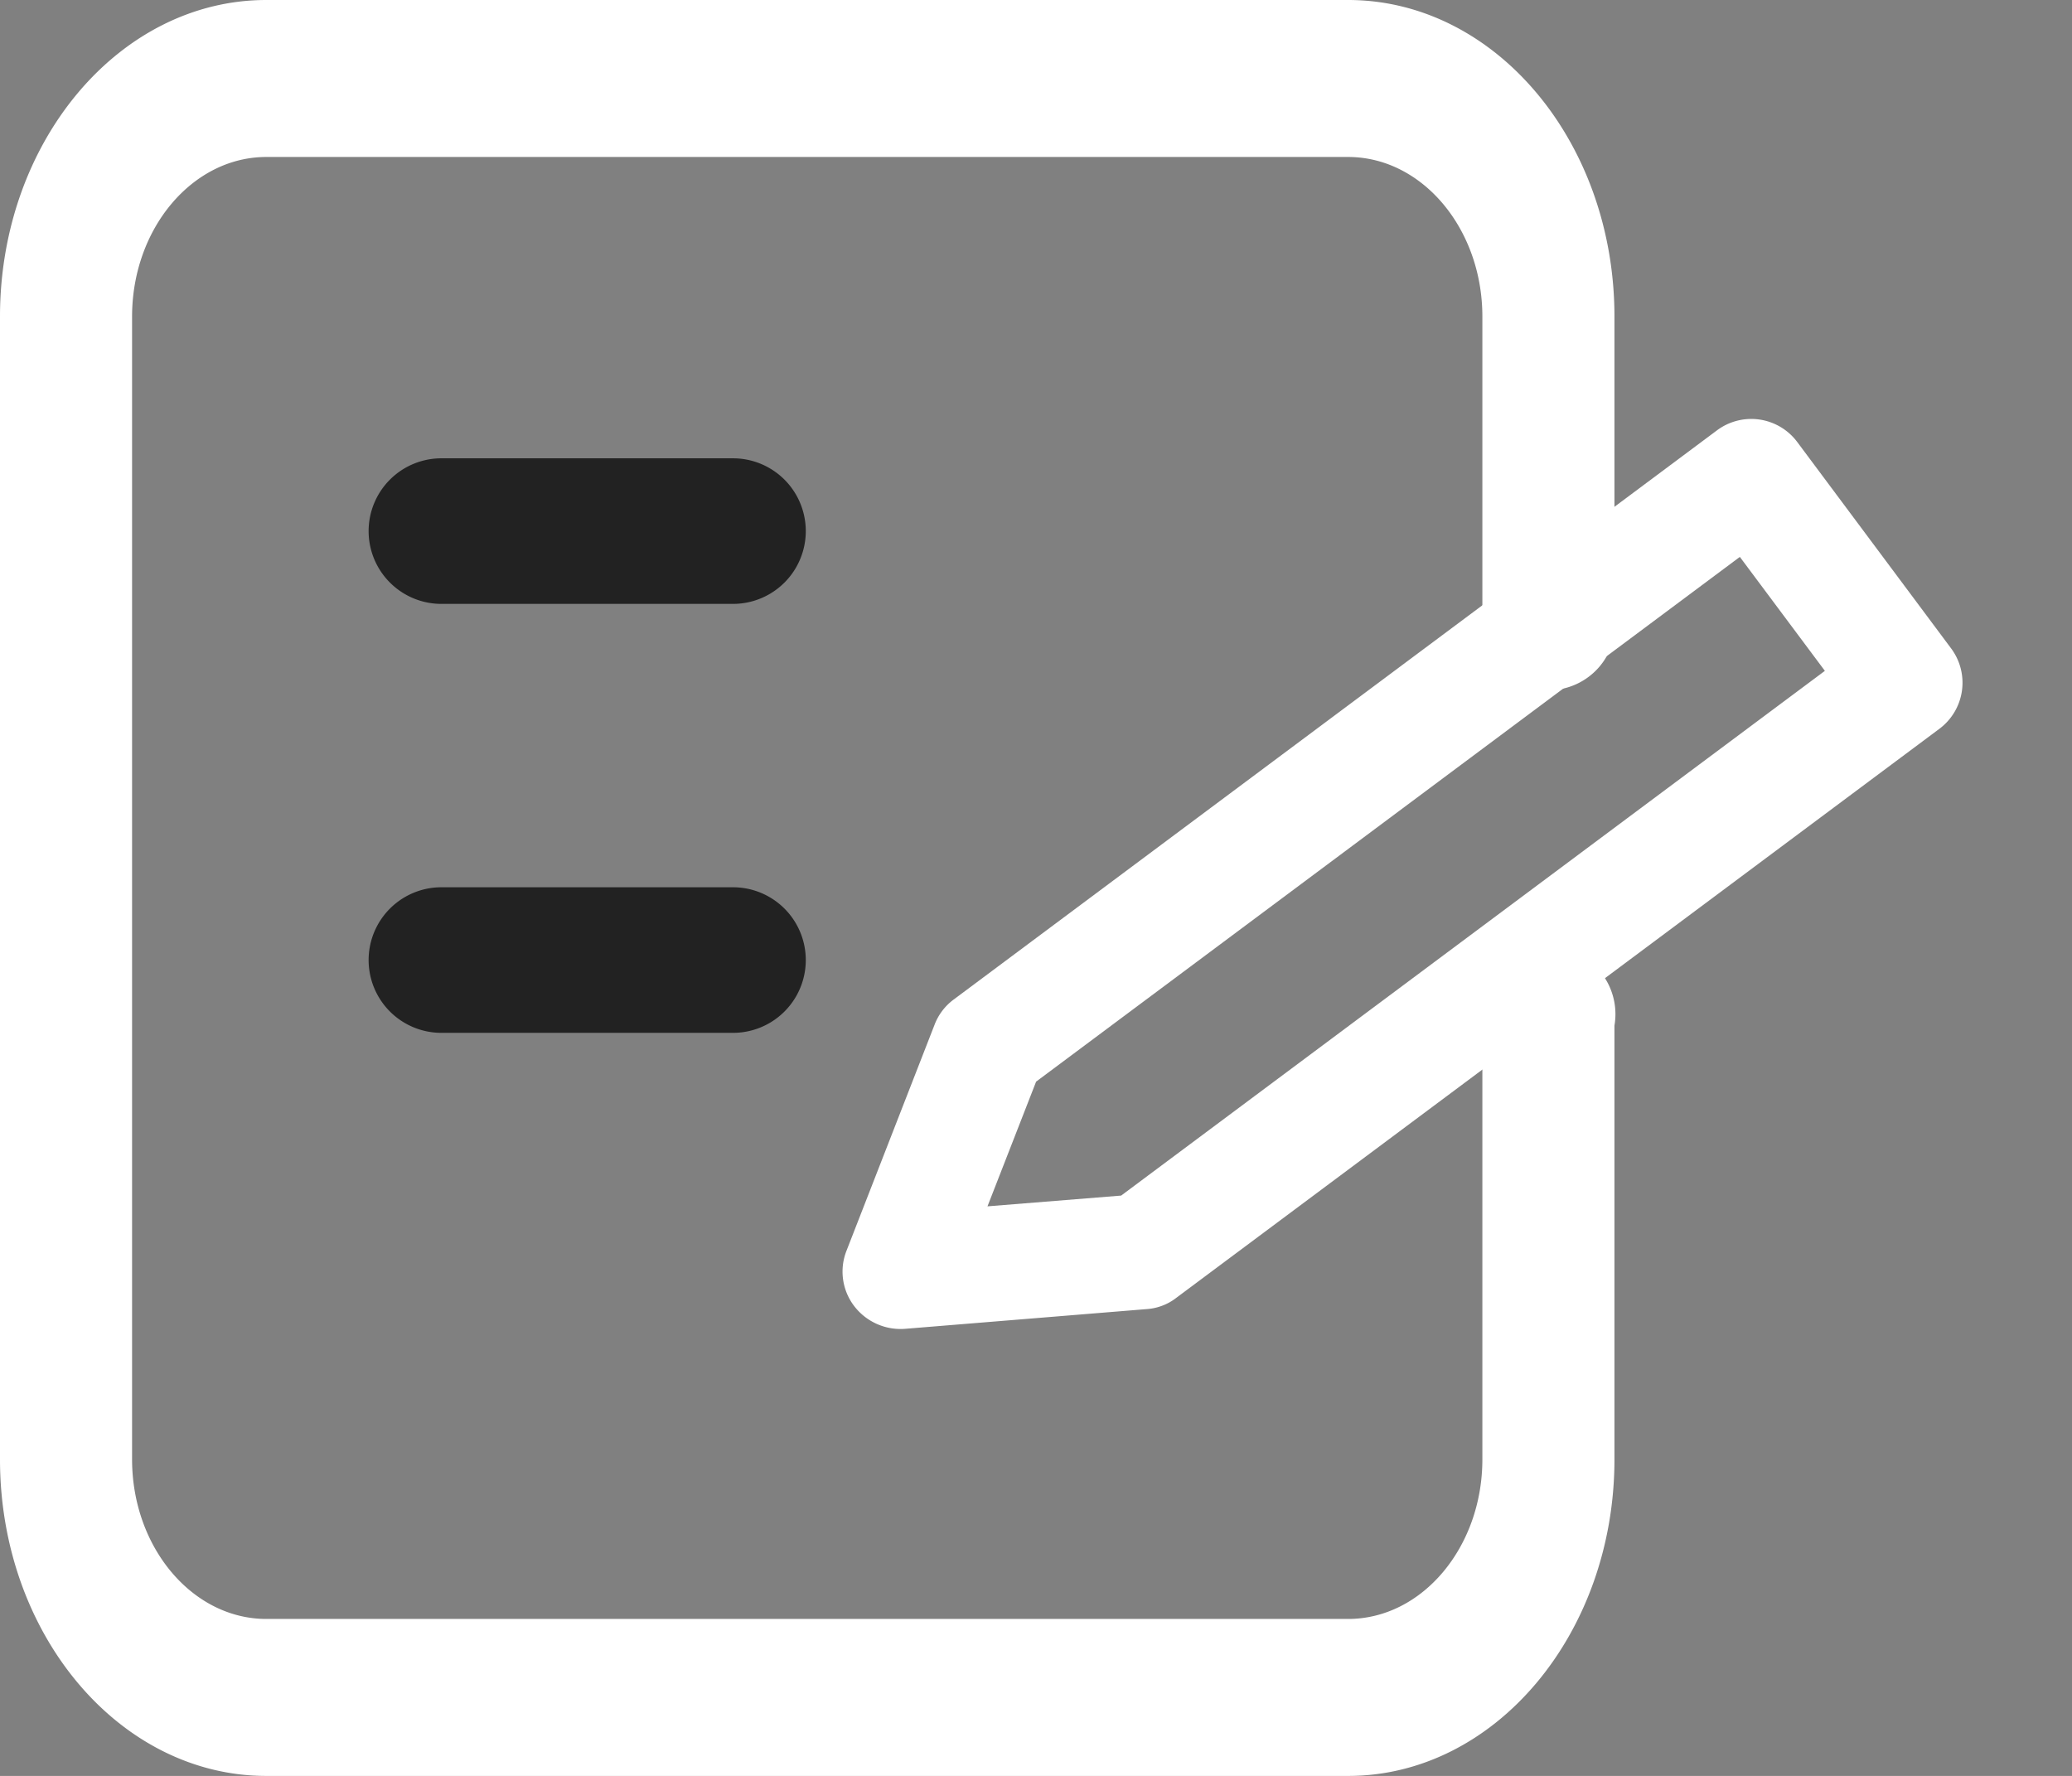 <svg xmlns="http://www.w3.org/2000/svg" width="80.009" height="68.581" viewBox="0 0 80.009 68.581">
  <rect x="0" y="0" width="80.009" height="68.581" fill="#808080" stroke="none"/>
  <g id="ico_apply" transform="translate(-1491.102 -260.954)">
    <g id="그룹_32020" data-name="그룹 32020" transform="translate(1491.102 260.954)">
      <path id="패스_125" data-name="패스 125" d="M584.406,498.671H542.635c-5.678,0-10.285-5.476-10.285-12.225V442.315c0-6.749,4.607-12.225,10.285-12.225h41.771c5.678,0,10.285,5.476,10.285,12.225v11.4a2.588,2.588,0,1,1-5.1,0v-11.4c0-3.395-2.329-6.163-5.185-6.163H542.635c-2.856,0-5.185,2.768-5.185,6.163v44.131c0,3.395,2.329,6.163,5.185,6.163h41.771c2.856,0,5.185-2.768,5.185-6.163V469.695a2.588,2.588,0,1,1,5.1,0v16.751C594.691,493.175,590.084,498.671,584.406,498.671Z" transform="translate(-532.35 -430.09)" fill="#fff"/>
    </g>
    <g id="그룹_32021" data-name="그룹 32021" transform="matrix(0.951, -0.309, 0.309, 0.951, 1517.174, 290.523)">
      <path id="패스_126" data-name="패스 126" d="M556.825,463.737a2.063,2.063,0,0,1-.518-.059l-9.127-2.163a2.257,2.257,0,0,1-1.6-1.452,2.195,2.195,0,0,1,.385-2.119l5.927-7.245a2.177,2.177,0,0,1,1.008-.7l34.818-11.794a2.214,2.214,0,0,1,2.815,1.393l3.185,9.408a2.219,2.219,0,0,1-1.393,2.815l-34.818,11.794A2.058,2.058,0,0,1,556.825,463.737ZM551.669,458l5.038,1.2,32.107-10.875-1.763-5.2L554.943,454Z" transform="translate(-545.458 -438.089)" fill="#fff"/>
    </g>
    <g id="그룹_32028" data-name="그룹 32028" transform="translate(1505.389 278.653)">
      <path id="패스_131" data-name="패스 131" d="M454.8,547.111H443.541a2.811,2.811,0,1,1,0-5.621H454.8a2.811,2.811,0,0,1,0,5.621Z" transform="translate(-440.73 -541.49)" fill="#222"/>
    </g>
    <g id="그룹_32029" data-name="그룹 32029" transform="translate(1505.389 295.218)">
      <path id="패스_132" data-name="패스 132" d="M454.8,555.951H443.541a2.811,2.811,0,1,1,0-5.621H454.8a2.811,2.811,0,0,1,0,5.621Z" transform="translate(-440.73 -550.33)" fill="#222"/>
    </g>
  </g>
</svg>

━━━━━━━━━━

WORK REQUEST
Every line of the listing above that includes "path" should be copied out.

YOUR SOLUTION
      <path id="패스_125" data-name="패스 125" d="M584.406,498.671H542.635c-5.678,0-10.285-5.476-10.285-12.225V442.315c0-6.749,4.607-12.225,10.285-12.225h41.771c5.678,0,10.285,5.476,10.285,12.225v11.4a2.588,2.588,0,1,1-5.1,0v-11.4c0-3.395-2.329-6.163-5.185-6.163H542.635c-2.856,0-5.185,2.768-5.185,6.163v44.131c0,3.395,2.329,6.163,5.185,6.163h41.771c2.856,0,5.185-2.768,5.185-6.163V469.695a2.588,2.588,0,1,1,5.1,0v16.751C594.691,493.175,590.084,498.671,584.406,498.671Z" transform="translate(-532.35 -430.09)" fill="#fff"/>
      <path id="패스_126" data-name="패스 126" d="M556.825,463.737a2.063,2.063,0,0,1-.518-.059l-9.127-2.163a2.257,2.257,0,0,1-1.6-1.452,2.195,2.195,0,0,1,.385-2.119l5.927-7.245a2.177,2.177,0,0,1,1.008-.7l34.818-11.794a2.214,2.214,0,0,1,2.815,1.393l3.185,9.408a2.219,2.219,0,0,1-1.393,2.815l-34.818,11.794A2.058,2.058,0,0,1,556.825,463.737ZM551.669,458l5.038,1.2,32.107-10.875-1.763-5.2L554.943,454Z" transform="translate(-545.458 -438.089)" fill="#fff"/>
      <path id="패스_131" data-name="패스 131" d="M454.8,547.111H443.541a2.811,2.811,0,1,1,0-5.621H454.8a2.811,2.811,0,0,1,0,5.621Z" transform="translate(-440.73 -541.49)" fill="#222"/>
      <path id="패스_132" data-name="패스 132" d="M454.8,555.951H443.541a2.811,2.811,0,1,1,0-5.621H454.8a2.811,2.811,0,0,1,0,5.621Z" transform="translate(-440.73 -550.33)" fill="#222"/>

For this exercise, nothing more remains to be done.